▸ Assignment
Among the entries below, how many lines include the word "outdoors"? Reply with only the number.

Items from a dataset:
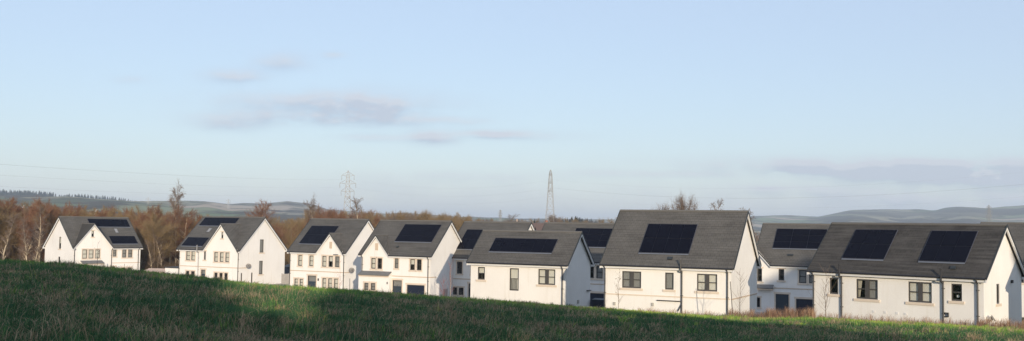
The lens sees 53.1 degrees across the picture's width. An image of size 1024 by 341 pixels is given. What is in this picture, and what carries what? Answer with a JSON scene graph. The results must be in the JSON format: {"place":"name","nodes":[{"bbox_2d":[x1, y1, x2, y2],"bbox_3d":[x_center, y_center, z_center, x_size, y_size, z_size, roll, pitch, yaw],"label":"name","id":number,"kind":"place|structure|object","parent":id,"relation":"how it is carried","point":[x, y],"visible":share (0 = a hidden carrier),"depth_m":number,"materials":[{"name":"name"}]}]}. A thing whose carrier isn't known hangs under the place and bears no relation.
{"place":"outdoors","nodes":[
{"label":"outdoors","id":0,"kind":"place"},
{"bbox_2d":[0,195,1023,232],"bbox_3d":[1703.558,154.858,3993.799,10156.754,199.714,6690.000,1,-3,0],"label":"hills","id":1,"kind":"structure","parent":0,"point":[288,210],"depth_m":3671.98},
{"bbox_2d":[0,189,130,200],"bbox_3d":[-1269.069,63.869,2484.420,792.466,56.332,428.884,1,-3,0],"label":"conifer wood","id":2,"kind":"object","parent":1,"relation":"on","point":[15,193],"visible":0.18,"depth_m":2627.57,"materials":[{"name":"green plant"}]},
{"bbox_2d":[0,234,1023,340],"bbox_3d":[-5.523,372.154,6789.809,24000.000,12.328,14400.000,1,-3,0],"label":"ground","id":3,"kind":"structure","parent":0,"point":[211,327],"depth_m":25.64,"materials":[{"name":"green plant"}]},
{"bbox_2d":[0,205,16,253],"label":"bare tree","id":4,"kind":"object","parent":3,"relation":"on","point":[4,231],"visible":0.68,"depth_m":186.59,"materials":[{"name":"brown plant"}]},
{"bbox_2d":[0,196,18,258],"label":"bare tree","id":5,"kind":"object","parent":3,"relation":"on","point":[11,206],"visible":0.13,"depth_m":202.99,"materials":[{"name":"brown plant"}]},
{"bbox_2d":[0,213,20,259],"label":"birch tree","id":6,"kind":"object","parent":3,"relation":"on","point":[7,240],"visible":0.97,"depth_m":171.89,"materials":[{"name":"brown plant"}]},
{"bbox_2d":[0,198,20,255],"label":"bare tree","id":7,"kind":"object","parent":3,"relation":"on","point":[7,203],"visible":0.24,"depth_m":200.97,"materials":[{"name":"brown plant"}]},
{"bbox_2d":[1,211,22,259],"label":"bare tree","id":8,"kind":"object","parent":3,"relation":"on","point":[13,255],"visible":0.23,"depth_m":193.52,"materials":[{"name":"brown plant"}]},
{"bbox_2d":[0,200,30,259],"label":"bare tree","id":9,"kind":"object","parent":3,"relation":"on","point":[5,220],"visible":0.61,"depth_m":188.52,"materials":[{"name":"brown plant"}]},
{"bbox_2d":[6,204,30,258],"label":"bare tree","id":10,"kind":"object","parent":3,"relation":"on","point":[17,210],"visible":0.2,"depth_m":195.21,"materials":[{"name":"brown plant"}]},
{"bbox_2d":[13,216,34,260],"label":"birch tree","id":11,"kind":"object","parent":3,"relation":"on","point":[24,239],"visible":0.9,"depth_m":171.89,"materials":[{"name":"brown plant"}]},
{"bbox_2d":[12,202,45,258],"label":"bare tree","id":12,"kind":"object","parent":3,"relation":"on","point":[27,228],"visible":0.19,"depth_m":188.81,"materials":[{"name":"brown plant"}]},
{"bbox_2d":[19,200,38,257],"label":"bare tree","id":13,"kind":"object","parent":3,"relation":"on","point":[27,205],"visible":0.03,"depth_m":219.49,"materials":[{"name":"brown plant"}]},
{"bbox_2d":[17,223,42,259],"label":"birch tree","id":14,"kind":"object","parent":3,"relation":"on","point":[31,244],"visible":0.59,"depth_m":177.76,"materials":[{"name":"brown plant"}]},
{"bbox_2d":[20,210,51,259],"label":"bare tree","id":15,"kind":"object","parent":3,"relation":"on","point":[30,211],"visible":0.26,"depth_m":182.11,"materials":[{"name":"brown plant"}]},
{"bbox_2d":[30,229,43,260],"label":"birch tree","id":16,"kind":"object","parent":3,"relation":"on","point":[37,248],"visible":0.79,"depth_m":170.11,"materials":[{"name":"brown plant"}]},
{"bbox_2d":[20,196,61,261],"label":"bare tree","id":17,"kind":"object","parent":3,"relation":"on","point":[35,209],"visible":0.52,"depth_m":181.37,"materials":[{"name":"brown plant"}]},
{"bbox_2d":[29,204,52,261],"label":"birch tree","id":18,"kind":"object","parent":3,"relation":"on","point":[40,219],"visible":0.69,"depth_m":174.70,"materials":[{"name":"brown plant"}]},
{"bbox_2d":[30,204,77,248],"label":"bare tree","id":19,"kind":"object","parent":3,"relation":"on","point":[49,221],"visible":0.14,"depth_m":181.77,"materials":[{"name":"brown plant"}]},
{"bbox_2d":[51,200,85,217],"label":"bare tree","id":20,"kind":"object","parent":3,"relation":"on","point":[71,208],"visible":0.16,"depth_m":188.94,"materials":[{"name":"brown plant"}]},
{"bbox_2d":[42,216,142,270],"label":"white house","id":21,"kind":"structure","parent":3,"relation":"on","point":[79,238],"depth_m":159.25,"materials":[{"name":"paint"}]},
{"bbox_2d":[81,248,88,259],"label":"window","id":22,"kind":"structure","parent":21,"relation":"in","point":[84,250],"depth_m":156.79,"materials":[{"name":"glass"}]},
{"bbox_2d":[88,248,94,259],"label":"window","id":23,"kind":"structure","parent":21,"relation":"in","point":[90,251],"depth_m":157.55,"materials":[{"name":"paint"}]},
{"bbox_2d":[94,248,100,258],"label":"window","id":24,"kind":"structure","parent":21,"relation":"in","point":[97,254],"depth_m":158.48,"materials":[{"name":"glass"}]},
{"bbox_2d":[92,207,111,216],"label":"bare tree","id":25,"kind":"object","parent":3,"relation":"on","point":[100,214],"visible":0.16,"depth_m":181.22,"materials":[{"name":"brown plant"}]},
{"bbox_2d":[95,205,134,222],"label":"bare tree","id":26,"kind":"object","parent":3,"relation":"on","point":[121,213],"visible":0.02,"depth_m":205.28,"materials":[{"name":"brown plant"}]},
{"bbox_2d":[130,212,152,263],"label":"bare tree","id":27,"kind":"object","parent":3,"relation":"on","point":[142,216],"visible":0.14,"depth_m":187.42,"materials":[{"name":"brown plant"}]},
{"bbox_2d":[1,257,289,270],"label":"undergrowth","id":28,"kind":"object","parent":3,"relation":"on","point":[156,265],"visible":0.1,"depth_m":175.82,"materials":[{"name":"brown plant"}]},
{"bbox_2d":[145,239,155,267],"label":"birch tree","id":29,"kind":"object","parent":3,"relation":"on","point":[149,253],"visible":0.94,"depth_m":171.13,"materials":[{"name":"brown plant"}]},
{"bbox_2d":[131,217,176,268],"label":"bare tree","id":30,"kind":"object","parent":3,"relation":"on","point":[143,235],"visible":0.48,"depth_m":175.99,"materials":[{"name":"brown plant"}]},
{"bbox_2d":[144,268,164,271],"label":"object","id":31,"kind":"structure","parent":3,"relation":"on","point":[158,269],"depth_m":149.87,"materials":[{"name":"white paint"}]},
{"bbox_2d":[140,203,169,258],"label":"birch tree","id":32,"kind":"object","parent":3,"relation":"on","point":[151,211],"visible":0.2,"depth_m":188.30,"materials":[{"name":"brown plant"}]},
{"bbox_2d":[130,205,180,225],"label":"bare tree","id":33,"kind":"object","parent":3,"relation":"on","point":[146,214],"visible":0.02,"depth_m":200.81,"materials":[{"name":"brown plant"}]},
{"bbox_2d":[152,235,165,267],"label":"birch tree","id":34,"kind":"object","parent":3,"relation":"on","point":[159,252],"visible":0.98,"depth_m":173.20,"materials":[{"name":"brown plant"}]},
{"bbox_2d":[139,212,183,266],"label":"bare tree","id":35,"kind":"object","parent":3,"relation":"on","point":[165,232],"visible":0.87,"depth_m":174.51,"materials":[{"name":"brown plant"}]},
{"bbox_2d":[164,266,178,273],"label":"garage block","id":36,"kind":"structure","parent":3,"relation":"on","point":[173,269],"depth_m":144.84,"materials":[{"name":"white paint"}]},
{"bbox_2d":[164,180,185,262],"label":"birch tree","id":37,"kind":"object","parent":3,"relation":"on","point":[173,202],"visible":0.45,"depth_m":190.75,"materials":[{"name":"brown plant"}]},
{"bbox_2d":[162,203,198,262],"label":"birch tree","id":38,"kind":"object","parent":3,"relation":"on","point":[185,227],"visible":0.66,"depth_m":186.14,"materials":[{"name":"brown plant"}]},
{"bbox_2d":[170,219,195,261],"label":"bare tree","id":39,"kind":"object","parent":3,"relation":"on","point":[190,229],"visible":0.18,"depth_m":188.57,"materials":[{"name":"brown plant"}]},
{"bbox_2d":[176,216,287,283],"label":"white house","id":40,"kind":"structure","parent":3,"relation":"on","point":[248,249],"depth_m":141.21,"materials":[{"name":"paint"}]},
{"bbox_2d":[185,251,190,260],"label":"window","id":41,"kind":"structure","parent":40,"relation":"in","point":[187,253],"depth_m":142.10,"materials":[{"name":"glass"}]},
{"bbox_2d":[213,251,218,262],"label":"window","id":42,"kind":"structure","parent":40,"relation":"in","point":[215,253],"depth_m":139.76,"materials":[{"name":"glass"}]},
{"bbox_2d":[218,251,224,262],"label":"window","id":43,"kind":"structure","parent":40,"relation":"in","point":[221,253],"depth_m":139.28,"materials":[{"name":"paint"}]},
{"bbox_2d":[224,251,229,262],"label":"window","id":44,"kind":"structure","parent":40,"relation":"in","point":[226,259],"depth_m":138.80,"materials":[{"name":"glass"}]},
{"bbox_2d":[244,197,279,222],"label":"birch tree","id":45,"kind":"object","parent":3,"relation":"on","point":[263,209],"visible":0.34,"depth_m":199.64,"materials":[{"name":"brown plant"}]},
{"bbox_2d":[272,222,288,248],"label":"bare tree","id":46,"kind":"object","parent":3,"relation":"on","point":[276,230],"visible":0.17,"depth_m":194.80,"materials":[{"name":"brown plant"}]},
{"bbox_2d":[281,273,288,284],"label":"timber fence","id":47,"kind":"object","parent":3,"relation":"on","point":[284,280],"visible":0.81,"depth_m":142.36,"materials":[{"name":"beige wood"}]},
{"bbox_2d":[273,217,296,242],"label":"bare tree","id":48,"kind":"object","parent":3,"relation":"on","point":[287,226],"visible":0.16,"depth_m":227.88,"materials":[{"name":"brown plant"}]},
{"bbox_2d":[279,219,303,263],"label":"bare tree","id":49,"kind":"object","parent":3,"relation":"on","point":[290,240],"visible":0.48,"depth_m":199.00,"materials":[{"name":"brown plant"}]},
{"bbox_2d":[290,209,315,236],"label":"bare tree","id":50,"kind":"object","parent":3,"relation":"on","point":[301,221],"visible":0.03,"depth_m":233.74,"materials":[{"name":"brown plant"}]},
{"bbox_2d":[300,193,325,222],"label":"birch tree","id":51,"kind":"object","parent":3,"relation":"on","point":[311,211],"visible":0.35,"depth_m":195.40,"materials":[{"name":"brown plant"}]},
{"bbox_2d":[307,203,338,221],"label":"birch tree","id":52,"kind":"object","parent":3,"relation":"on","point":[330,213],"visible":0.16,"depth_m":204.66,"materials":[{"name":"brown plant"}]},
{"bbox_2d":[287,218,374,289],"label":"white house","id":53,"kind":"structure","parent":3,"relation":"on","point":[323,252],"depth_m":128.13,"materials":[{"name":"paint"}]},
{"bbox_2d":[297,254,302,266],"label":"window","id":54,"kind":"structure","parent":53,"relation":"in","point":[299,256],"depth_m":129.10,"materials":[{"name":"paint"}]},
{"bbox_2d":[308,254,314,267],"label":"window","id":55,"kind":"structure","parent":53,"relation":"in","point":[310,261],"depth_m":128.25,"materials":[{"name":"paint"}]},
{"bbox_2d":[306,274,316,286],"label":"door","id":56,"kind":"structure","parent":53,"relation":"in","point":[311,279],"depth_m":128.03,"materials":[{"name":"grey glass"}]},
{"bbox_2d":[321,254,326,267],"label":"window","id":57,"kind":"structure","parent":53,"relation":"in","point":[323,259],"depth_m":127.28,"materials":[{"name":"paint"}]},
{"bbox_2d":[321,277,326,287],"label":"window","id":58,"kind":"structure","parent":53,"relation":"in","point":[323,282],"depth_m":127.13,"materials":[{"name":"paint"}]},
{"bbox_2d":[327,277,332,287],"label":"window","id":59,"kind":"structure","parent":53,"relation":"in","point":[329,279],"depth_m":126.66,"materials":[{"name":"glass"}]},
{"bbox_2d":[327,255,333,267],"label":"window","id":60,"kind":"structure","parent":53,"relation":"in","point":[331,257],"depth_m":126.75,"materials":[{"name":"paint"}]},
{"bbox_2d":[333,277,338,288],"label":"window","id":61,"kind":"structure","parent":53,"relation":"in","point":[335,279],"depth_m":126.23,"materials":[{"name":"glass"}]},
{"bbox_2d":[333,255,340,268],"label":"window","id":62,"kind":"structure","parent":53,"relation":"in","point":[336,257],"depth_m":126.32,"materials":[{"name":"paint"}]},
{"bbox_2d":[340,171,355,215],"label":"electricity pylon","id":63,"kind":"object","parent":3,"relation":"on","point":[348,189],"visible":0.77,"depth_m":519.61,"materials":[{"name":"metal"}]},
{"bbox_2d":[346,196,363,218],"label":"birch tree","id":64,"kind":"object","parent":3,"relation":"on","point":[355,201],"visible":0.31,"depth_m":186.28,"materials":[{"name":"brown plant"}]},
{"bbox_2d":[358,220,461,296],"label":"white house","id":65,"kind":"structure","parent":3,"relation":"on","point":[414,256],"depth_m":116.47,"materials":[{"name":"paint"}]},
{"bbox_2d":[363,281,369,290],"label":"window","id":66,"kind":"structure","parent":65,"relation":"in","point":[366,284],"depth_m":116.54,"materials":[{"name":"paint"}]},
{"bbox_2d":[369,256,376,269],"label":"window","id":67,"kind":"structure","parent":65,"relation":"in","point":[372,259],"depth_m":117.20,"materials":[{"name":"glass"}]},
{"bbox_2d":[376,257,382,270],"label":"window","id":68,"kind":"structure","parent":65,"relation":"in","point":[381,258],"depth_m":116.83,"materials":[{"name":"glass"}]},
{"bbox_2d":[393,258,399,269],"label":"window","id":69,"kind":"structure","parent":65,"relation":"in","point":[396,261],"depth_m":115.83,"materials":[{"name":"paint"}]},
{"bbox_2d":[391,278,402,292],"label":"door","id":70,"kind":"structure","parent":65,"relation":"in","point":[397,283],"depth_m":115.66,"materials":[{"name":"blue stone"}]},
{"bbox_2d":[408,258,415,271],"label":"window","id":71,"kind":"structure","parent":65,"relation":"in","point":[412,261],"depth_m":114.93,"materials":[{"name":"paint"}]},
{"bbox_2d":[405,283,425,294],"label":"garage door","id":72,"kind":"structure","parent":65,"relation":"in","point":[415,287],"depth_m":114.51,"materials":[{"name":"paint"}]},
{"bbox_2d":[415,258,422,271],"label":"window","id":73,"kind":"structure","parent":65,"relation":"in","point":[420,264],"depth_m":114.60,"materials":[{"name":"glass"}]},
{"bbox_2d":[413,210,436,219],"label":"bare tree","id":74,"kind":"object","parent":3,"relation":"on","point":[424,216],"visible":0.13,"depth_m":295.07,"materials":[{"name":"brown plant"}]},
{"bbox_2d":[452,221,534,297],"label":"white house","id":75,"kind":"structure","parent":3,"relation":"on","point":[469,232],"depth_m":118.94,"materials":[{"name":"paint"}]},
{"bbox_2d":[455,260,463,274],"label":"window","id":76,"kind":"structure","parent":75,"relation":"in","point":[460,267],"depth_m":118.35,"materials":[{"name":"glass"}]},
{"bbox_2d":[457,286,464,296],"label":"window","id":77,"kind":"structure","parent":75,"relation":"in","point":[462,287],"depth_m":118.00,"materials":[{"name":"glass"}]},
{"bbox_2d":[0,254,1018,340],"bbox_3d":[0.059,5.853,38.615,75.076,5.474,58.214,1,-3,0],"label":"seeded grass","id":78,"kind":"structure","parent":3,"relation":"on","point":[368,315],"depth_m":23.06,"materials":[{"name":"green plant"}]},
{"bbox_2d":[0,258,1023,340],"bbox_3d":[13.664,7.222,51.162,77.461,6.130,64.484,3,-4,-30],"label":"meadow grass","id":79,"kind":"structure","parent":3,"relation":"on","point":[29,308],"depth_m":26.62,"materials":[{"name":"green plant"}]},
{"bbox_2d":[466,229,594,306],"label":"white house","id":80,"kind":"structure","parent":3,"relation":"on","point":[542,267],"depth_m":93.68,"materials":[{"name":"paint"}]},
{"bbox_2d":[476,267,485,281],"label":"window","id":81,"kind":"structure","parent":80,"relation":"in","point":[481,270],"depth_m":95.00,"materials":[{"name":"glass"}]},
{"bbox_2d":[510,268,518,290],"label":"window","id":82,"kind":"structure","parent":80,"relation":"in","point":[514,272],"depth_m":93.49,"materials":[{"name":"glass"}]},
{"bbox_2d":[536,269,556,286],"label":"window","id":83,"kind":"structure","parent":80,"relation":"in","point":[546,277],"depth_m":91.95,"materials":[{"name":"paint"}]},
{"bbox_2d":[545,170,554,221],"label":"electricity pylon","id":84,"kind":"object","parent":3,"relation":"on","point":[546,216],"visible":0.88,"depth_m":540.06,"materials":[{"name":"metal"}]},
{"bbox_2d":[542,222,614,305],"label":"white house","id":85,"kind":"structure","parent":3,"relation":"on","point":[596,235],"depth_m":112.07,"materials":[{"name":"paint"}]},
{"bbox_2d":[590,266,594,279],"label":"window","id":86,"kind":"structure","parent":85,"relation":"in","point":[592,269],"depth_m":109.80,"materials":[{"name":"glass"}]},
{"bbox_2d":[590,291,603,305],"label":"garage door","id":87,"kind":"structure","parent":85,"relation":"in","point":[593,294],"depth_m":109.48,"materials":[{"name":"paint"}]},
{"bbox_2d":[595,265,603,279],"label":"window","id":88,"kind":"structure","parent":85,"relation":"in","point":[599,272],"depth_m":109.51,"materials":[{"name":"glass"}]},
{"bbox_2d":[563,217,597,222],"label":"conifer clump","id":89,"kind":"object","parent":3,"relation":"on","point":[579,220],"visible":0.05,"depth_m":930.01,"materials":[{"name":"green plant"}]},
{"bbox_2d":[592,298,603,307],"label":"storage box","id":90,"kind":"object","parent":3,"relation":"on","point":[598,302],"visible":0.43,"depth_m":95.29,"materials":[{"name":"grey plastic"}]},
{"bbox_2d":[599,209,761,315],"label":"tall roofed white house","id":91,"kind":"structure","parent":3,"relation":"on","point":[678,261],"depth_m":78.77,"materials":[{"name":"paint"}]},
{"bbox_2d":[620,271,642,290],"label":"window","id":92,"kind":"structure","parent":91,"relation":"in","point":[631,280],"depth_m":78.99,"materials":[{"name":"paint"}]},
{"bbox_2d":[663,272,675,291],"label":"window","id":93,"kind":"structure","parent":91,"relation":"in","point":[669,277],"depth_m":77.71,"materials":[{"name":"glass"}]},
{"bbox_2d":[694,274,718,293],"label":"window","id":94,"kind":"structure","parent":91,"relation":"in","point":[706,283],"depth_m":76.37,"materials":[{"name":"glass"}]},
{"bbox_2d":[667,191,697,209],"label":"bare tree","id":95,"kind":"object","parent":3,"relation":"on","point":[683,206],"visible":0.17,"depth_m":149.81,"materials":[{"name":"brown plant"}]},
{"bbox_2d":[757,223,829,313],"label":"white house","id":96,"kind":"structure","parent":3,"relation":"on","point":[787,251],"depth_m":105.42,"materials":[{"name":"paint"}]},
{"bbox_2d":[757,267,763,282],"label":"window","id":97,"kind":"structure","parent":96,"relation":"in","point":[759,271],"depth_m":106.06,"materials":[{"name":"glass"}]},
{"bbox_2d":[777,268,785,281],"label":"window","id":98,"kind":"structure","parent":96,"relation":"in","point":[781,270],"depth_m":104.99,"materials":[{"name":"glass"}]},
{"bbox_2d":[774,292,790,313],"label":"door","id":99,"kind":"structure","parent":96,"relation":"in","point":[780,298],"depth_m":104.80,"materials":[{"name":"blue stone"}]},
{"bbox_2d":[797,269,807,284],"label":"window","id":100,"kind":"structure","parent":96,"relation":"in","point":[802,274],"depth_m":104.01,"materials":[{"name":"glass"}]},
{"bbox_2d":[794,297,812,313],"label":"garage door","id":101,"kind":"structure","parent":96,"relation":"in","point":[800,302],"depth_m":103.78,"materials":[{"name":"paint"}]},
{"bbox_2d":[810,266,836,314],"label":"sapling","id":102,"kind":"object","parent":3,"relation":"on","point":[825,290],"visible":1,"depth_m":65.66,"materials":[{"name":"brown plant"}]},
{"bbox_2d":[806,222,1023,325],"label":"long low white house","id":103,"kind":"structure","parent":3,"relation":"on","point":[963,272],"depth_m":66.97,"materials":[{"name":"paint"}]},
{"bbox_2d":[827,278,839,296],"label":"window","id":104,"kind":"structure","parent":103,"relation":"in","point":[835,284],"depth_m":70.26,"materials":[{"name":"glass"}]},
{"bbox_2d":[853,279,879,302],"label":"window","id":105,"kind":"structure","parent":103,"relation":"in","point":[868,289],"depth_m":68.40,"materials":[{"name":"glass"}]},
{"bbox_2d":[905,281,933,305],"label":"window","id":106,"kind":"structure","parent":103,"relation":"in","point":[918,292],"depth_m":65.89,"materials":[{"name":"glass"}]},
{"bbox_2d":[948,284,964,303],"bbox_3d":[28.010,7.739,64.361,0.990,1.240,0.490,-2,-4,45],"label":"window","id":107,"kind":"structure","parent":103,"relation":"in","point":[957,287],"depth_m":64.47,"materials":[{"name":"glass"}]},
{"bbox_2d":[996,284,1001,306],"bbox_3d":[30.723,7.884,64.817,0.230,1.420,0.880,-2,-4,45],"label":"window","id":108,"kind":"structure","parent":103,"relation":"in","point":[997,285],"depth_m":64.99,"materials":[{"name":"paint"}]},
{"bbox_2d":[980,222,1023,316],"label":"white house","id":109,"kind":"structure","parent":3,"relation":"on","point":[1016,230],"depth_m":100.15,"materials":[{"name":"paint"}]},
{"bbox_2d":[0,0,1023,218],"label":"sky","id":110,"kind":"structure","parent":0,"point":[766,99],"materials":[{"name":"blue"}]},
{"bbox_2d":[637,305,1023,328],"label":"dry grass","id":111,"kind":"structure","parent":0,"point":[793,313],"depth_m":63.18,"materials":[{"name":"plant"}]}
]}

▸ Solution to this problem
2